Homework2: Compute Histogram

Homework 2: Compute Histogram

In this homework, you will compute the histogram for employee's salaries from the employee table in DB2 sample database (employee table). If you want to create the table by yourself, you need to create a table employee with this schema and load the sample data into the database first.  You can find examples on stored procedures and JDBC.

A histogram is the probability distribution of a continuous variable, represented by frequencies of the variables falling into a bin. In this homework, your histogram program takes an initial value (inclusive), an end value (exclusive), and the number of bins, e.g., histogram(start, end, number), and it returns a set of bins with bin number, frequency, bin's start value, and bin's end value, i.e., (binnum, frequency, binstart, binend). For example:

binnum frequency binstart binend

1       2        35000 40000

2       3        40000 45000

Q1 (5 points). You will write a stored procedure in SQL/PL (gen_salary_histogram.sql) to implement it. Please consider performance in your implementation. For example, multiple queries on the same table will involve multiple scans, and could lead to slow performance. 
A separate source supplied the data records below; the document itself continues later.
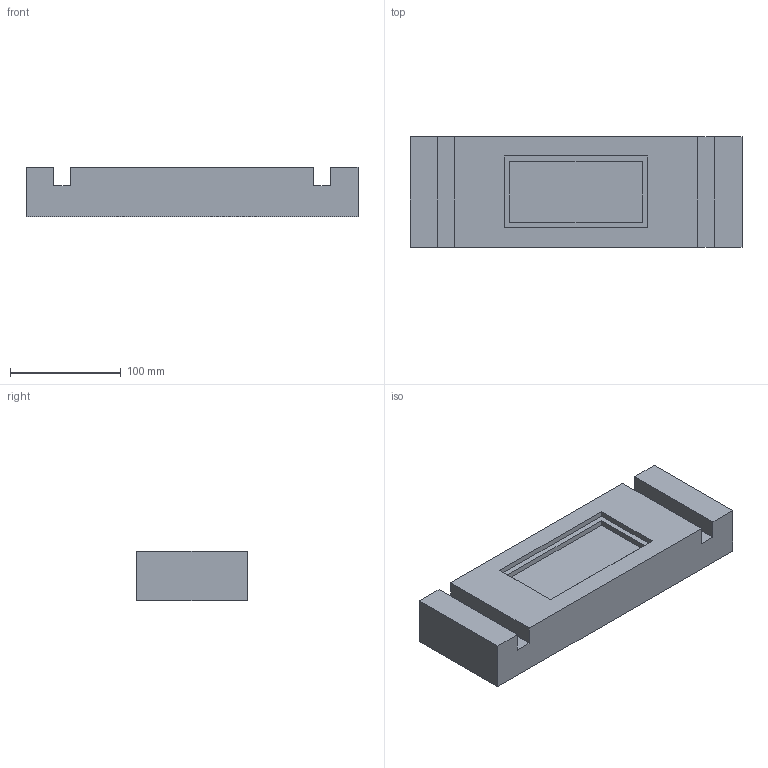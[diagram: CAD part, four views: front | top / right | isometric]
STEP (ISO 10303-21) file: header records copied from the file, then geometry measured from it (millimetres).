
FILE_DESCRIPTION(('STEP AP214'),'1');
FILE_NAME('Support.stp','2021-04-13T12:34:16',(' '),(' '),'Spatial InterOp 3D',' ',' ');
FILE_SCHEMA(('AUTOMOTIVE_DESIGN { 1 0 10303 214 1 1 1 1 }'));
Length unit declared in the file: millimetre
Products named in the file (1): Support
Bounding box: 300 x 100 x 45 mm (x, y, z)
Volume: 1223750 mm3; surface area: 105480 mm2
Topology: 1 solids, 1 shells, 24 faces, 60 edges, 40 vertices
Faces by surface type: plane 24
Entity records: 912 total; most frequent: CARTESIAN_POINT 125, ORIENTED_EDGE 120, DIRECTION 110, EDGE_CURVE 60, LINE 60, VECTOR 60, VERTEX_POINT 40, EDGE_LOOP 26
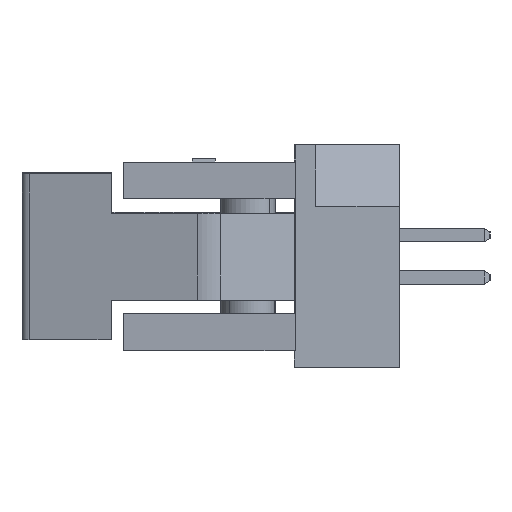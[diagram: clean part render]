
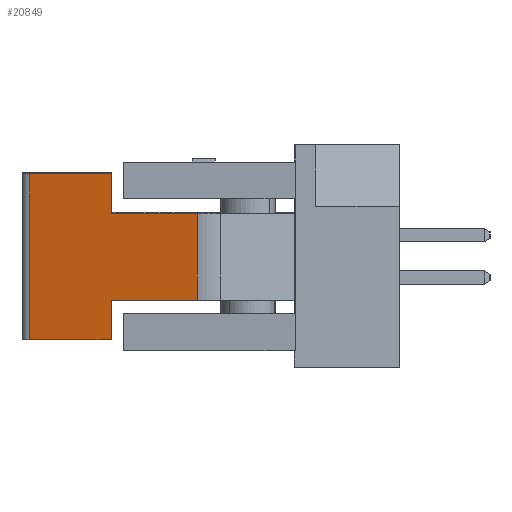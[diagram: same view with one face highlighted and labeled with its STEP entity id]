
A CAD part, left-side view. The second image highlights one B-rep face of the part: STEP entity #20849.
In plain terms, the highlighted face is planar.
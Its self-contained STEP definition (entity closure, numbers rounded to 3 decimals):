
#19055=DIRECTION('',(0.967,-0.253,0.));
#19056=VECTOR('',#19055,2.528);
#19057=CARTESIAN_POINT('',(-5.391,-4.087,0.));
#19058=LINE('',#19057,#19056);
#19268=DIRECTION('',(0.967,-0.253,0.));
#19269=VECTOR('',#19268,2.528);
#19270=CARTESIAN_POINT('',(-5.391,-4.087,4.97));
#19271=LINE('',#19270,#19269);
#19653=DIRECTION('',(0.,0.,-1.));
#19654=VECTOR('',#19653,4.97);
#19655=CARTESIAN_POINT('',(-5.391,-4.087,4.97));
#19656=LINE('',#19655,#19654);
#19660=DIRECTION('',(0.,0.,-1.));
#19661=VECTOR('',#19660,1.185);
#19662=CARTESIAN_POINT('',(-2.945,-4.727,4.97));
#19663=LINE('',#19662,#19661);
#19667=DIRECTION('',(-0.967,0.253,0.));
#19668=VECTOR('',#19667,2.668);
#19669=CARTESIAN_POINT('',(-0.364,-5.403,3.785));
#19670=LINE('',#19669,#19668);
#19674=DIRECTION('',(0.,0.,-1.));
#19675=VECTOR('',#19674,2.6);
#19676=CARTESIAN_POINT('',(-0.364,-5.403,3.785));
#19677=LINE('',#19676,#19675);
#19681=DIRECTION('',(-0.967,0.253,0.));
#19682=VECTOR('',#19681,2.668);
#19683=CARTESIAN_POINT('',(-0.364,-5.403,1.185));
#19684=LINE('',#19683,#19682);
#19688=DIRECTION('',(0.,0.,1.));
#19689=VECTOR('',#19688,1.185);
#19690=CARTESIAN_POINT('',(-2.945,-4.727,0.));
#19691=LINE('',#19690,#19689);
#20153=CARTESIAN_POINT('',(-2.945,-4.727,0.));
#20154=CARTESIAN_POINT('',(-2.945,-4.727,1.185));
#20155=VERTEX_POINT('',#20153);
#20156=VERTEX_POINT('',#20154);
#20157=CARTESIAN_POINT('',(-2.945,-4.727,4.97));
#20158=CARTESIAN_POINT('',(-2.945,-4.727,3.785));
#20159=VERTEX_POINT('',#20157);
#20160=VERTEX_POINT('',#20158);
#20260=CARTESIAN_POINT('',(-0.364,-5.403,1.185));
#20262=VERTEX_POINT('',#20260);
#20263=CARTESIAN_POINT('',(-0.364,-5.403,3.785));
#20264=VERTEX_POINT('',#20263);
#20275=CARTESIAN_POINT('',(-5.391,-4.087,0.));
#20277=VERTEX_POINT('',#20275);
#20281=CARTESIAN_POINT('',(-5.391,-4.087,4.97));
#20282=VERTEX_POINT('',#20281);
#20830=CARTESIAN_POINT('',(-5.615,-4.028,0.));
#20831=DIRECTION('',(-0.253,-0.967,0.));
#20832=DIRECTION('',(0.967,-0.253,0.));
#20833=AXIS2_PLACEMENT_3D('',#20830,#20831,#20832);
#20834=PLANE('',#20833);
#20835=ORIENTED_EDGE('',*,*,#20369,.F.);
#20836=ORIENTED_EDGE('',*,*,#20498,.T.);
#20838=ORIENTED_EDGE('',*,*,#20837,.T.);
#20840=ORIENTED_EDGE('',*,*,#20839,.F.);
#20842=ORIENTED_EDGE('',*,*,#20841,.T.);
#20844=ORIENTED_EDGE('',*,*,#20843,.T.);
#20845=ORIENTED_EDGE('',*,*,#20822,.F.);
#20846=ORIENTED_EDGE('',*,*,#20330,.F.);
#20847=EDGE_LOOP('',(#20835,#20836,#20838,#20840,#20842,#20844,#20845,#20846));
#20848=FACE_OUTER_BOUND('',#20847,.F.);
#20849=ADVANCED_FACE('',(#20848),#20834,.T.);
#20330=EDGE_CURVE('',#20277,#20155,#19058,.T.);
#20369=EDGE_CURVE('',#20282,#20277,#19656,.T.);
#20498=EDGE_CURVE('',#20282,#20159,#19271,.T.);
#20822=EDGE_CURVE('',#20155,#20156,#19691,.T.);
#20837=EDGE_CURVE('',#20159,#20160,#19663,.T.);
#20839=EDGE_CURVE('',#20264,#20160,#19670,.T.);
#20841=EDGE_CURVE('',#20264,#20262,#19677,.T.);
#20843=EDGE_CURVE('',#20262,#20156,#19684,.T.);

When the stored procedure is called, the histogram is returned and stored in a predefined table. Alternatively, you can return the result as an array. Refer to "Array support in SQL procedures".

To test your code, please use lower bound 30,000, upper bound 170,000, and interval 20,000 to generate a sample result.  

e.g., run the query "call gen_salary_histogram(30000, 170000, 7)"

Q2 (5 points). Implement the same function with a JDBC program SalaryHistogram (not a java stored procedure), with three parameters as arguments (binnum, frequency, binstart, binend), in addition to dbname, login, password. Again, you should consider only querying the table once to generate the result to maximize performance. No built-in aggregation function is allowed.  

Homework 2 Submission (10 points)

Please zip your SQL code gen_salary_histogram.sql,  sample result (result.txt), and SalaryHistogram.java, and a readme file on how to run your program.

Please go to brightspace, and submit it under homework 2.